Joomla has continued to evolve since 2019:
- Joomla 4 released August 2021 as a major modernization. New admin UI based on Bootstrap 5, improved API support, modernized PHP minimum, fresh template system.
- Joomla 5 released October 2023 continuing the modernization trajectory with PHP 8 minimum, ongoing performance and security improvements.
- Multilingual capabilities have continued as a distinguishing feature; Joomla remains the easiest CMS to start a genuinely multilingual site on.
- Symfony component adoption: Joomla 4+ uses several Symfony components (similar to how Drupal uses Symfony), modernizing the underlying architecture.
- AI feature integration has been less aggressive than in WordPress and Drupal; the community focus has been on architectural modernization rather than AI features.
- Market share has continued to decline relatively.
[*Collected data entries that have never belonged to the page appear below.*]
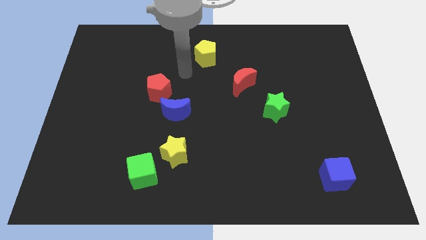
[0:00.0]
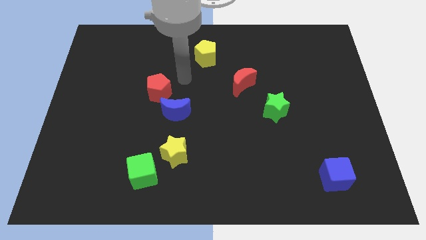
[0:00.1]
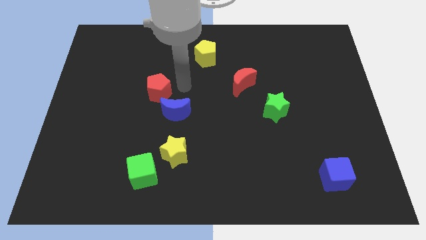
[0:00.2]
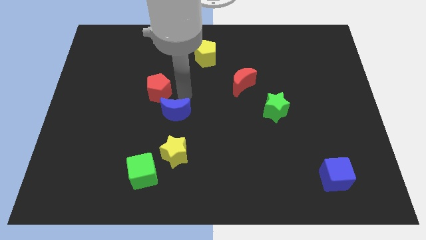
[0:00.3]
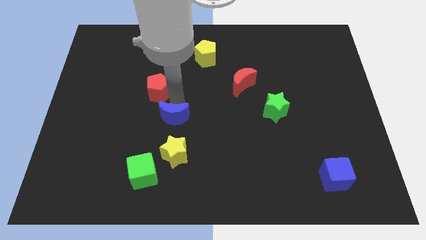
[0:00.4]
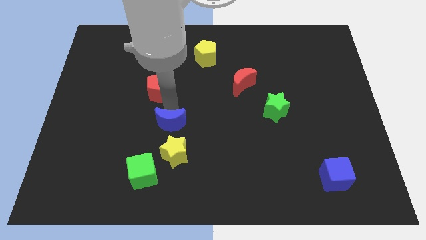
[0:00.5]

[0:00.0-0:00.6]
separate the red pentagon from the blue moon

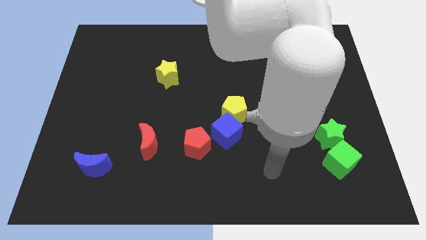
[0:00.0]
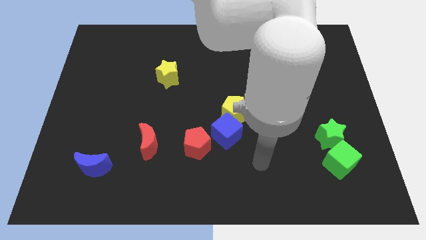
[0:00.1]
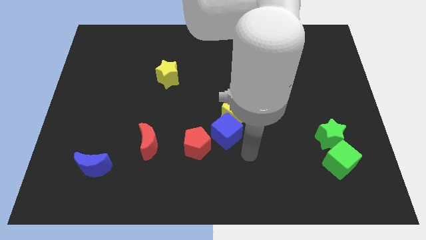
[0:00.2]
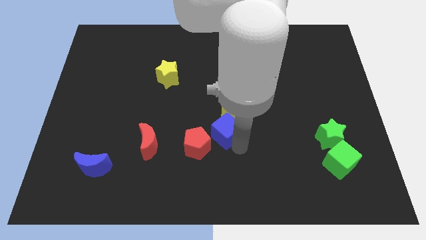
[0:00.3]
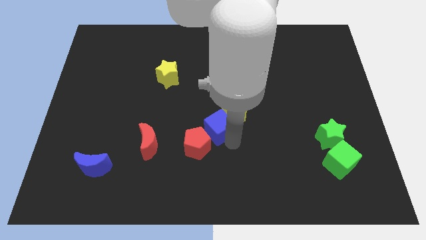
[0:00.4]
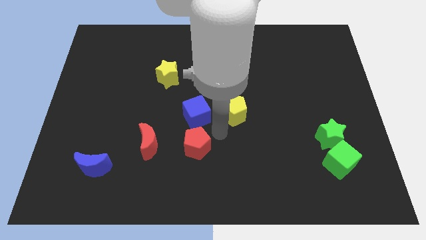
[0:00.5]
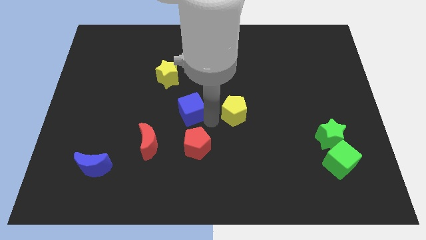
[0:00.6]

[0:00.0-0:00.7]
move the yellow pentagon away from the blue cube

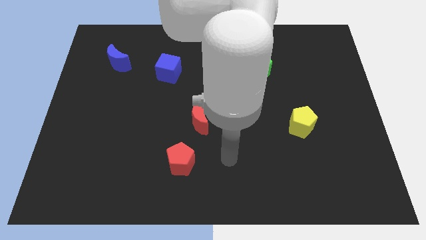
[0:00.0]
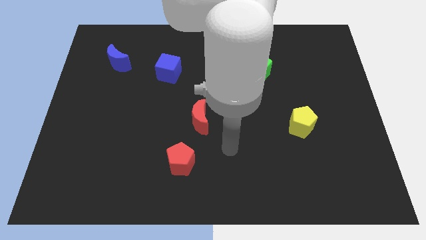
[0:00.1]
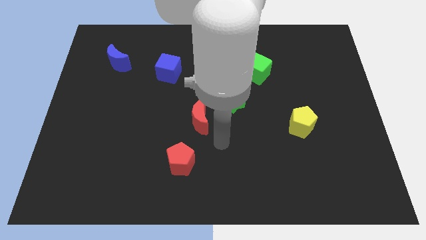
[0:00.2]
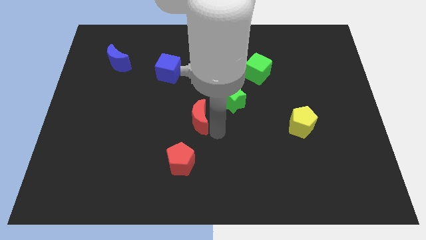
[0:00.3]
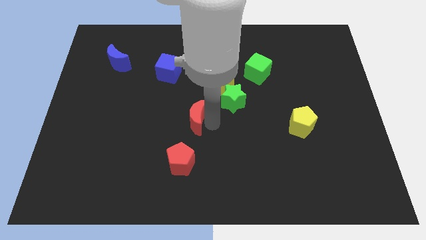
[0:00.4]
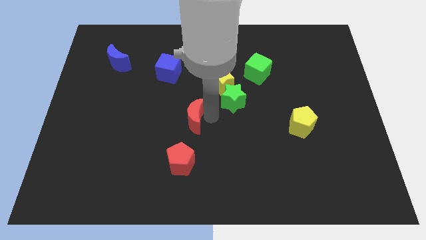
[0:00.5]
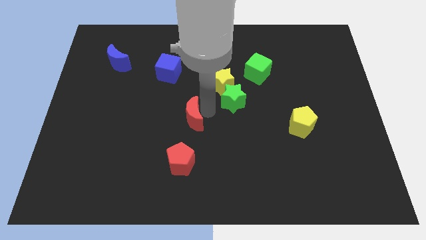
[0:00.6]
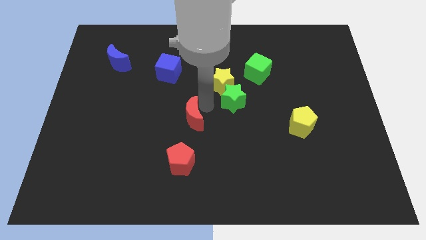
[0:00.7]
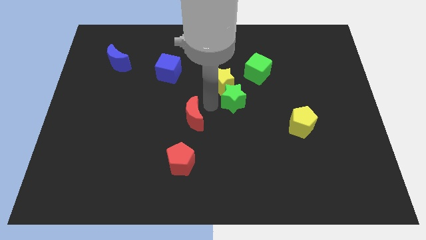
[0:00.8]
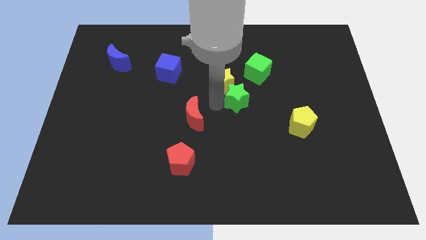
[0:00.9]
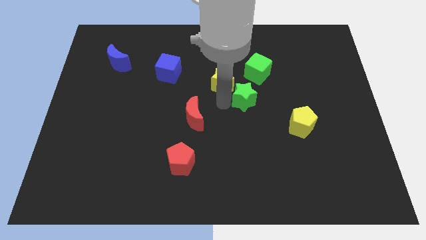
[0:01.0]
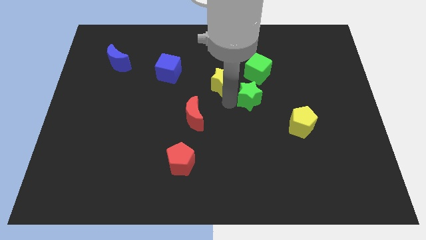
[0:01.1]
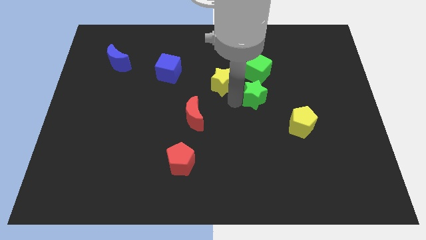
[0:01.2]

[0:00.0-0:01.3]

Joomla remains a viable choice for its specific use cases but is no longer the default consideration for most new projects.
The "what Joomla is" framing in this post still holds. The version landscape has moved forward, and Joomla 4 or 5 is the right starting point for new projects in 2026.
Frequently Asked Questions
Is Joomla free?
Yes. Joomla is open-source software released under the GPL license. The platform is free to download and use commercially or non-commercially. Costs come from hosting, design, development, and any premium extensions you choose to license. The platform itself has no licensing fee at any size.
Is Joomla still relevant in 2019?
Yes, for its specific use cases (multilingual sites, community sites, membership organizations, mid-complexity business sites). For typical small-business marketing sites or blogs, WordPress is usually the more pragmatic choice. The community is smaller than WordPress’s but still active and the platform is well-maintained.
What does it cost to run a Joomla site?
Hosting starts at a few dollars per month for shared hosting and scales up with traffic. Premium extensions for specific functionality (advanced forms, e-commerce, gallery, calendar) typically cost $20–$100 each as one-time or annual licenses. Design and development costs vary widely depending on the scope and the developer’s rates. For a small-business Joomla site, expect $500–$5,000 in initial setup costs plus ongoing hosting and maintenance.
Can I migrate from WordPress to Joomla (or vice versa)?
Technically yes, but the migration is non-trivial. Content can be exported and imported with effort; design and plugin functionality typically need to be rebuilt because the platforms have different architectures. Migration tools exist but typically require manual cleanup. The realistic budget for a CMS migration is comparable to building a new site; plan accordingly.
Should I start a new project on Joomla 3 or Joomla 4?
For a new project starting in late 2019, Joomla 4 (currently in beta) is the right target if your timeline allows for waiting until the stable release. Joomla 3.x will continue to receive support for some time, but starting fresh on the older major when a new major is imminent creates an unnecessary future migration. If your project must start immediately, Joomla 3.x is fine; plan for a Joomla 4 upgrade within the project’s lifecycle.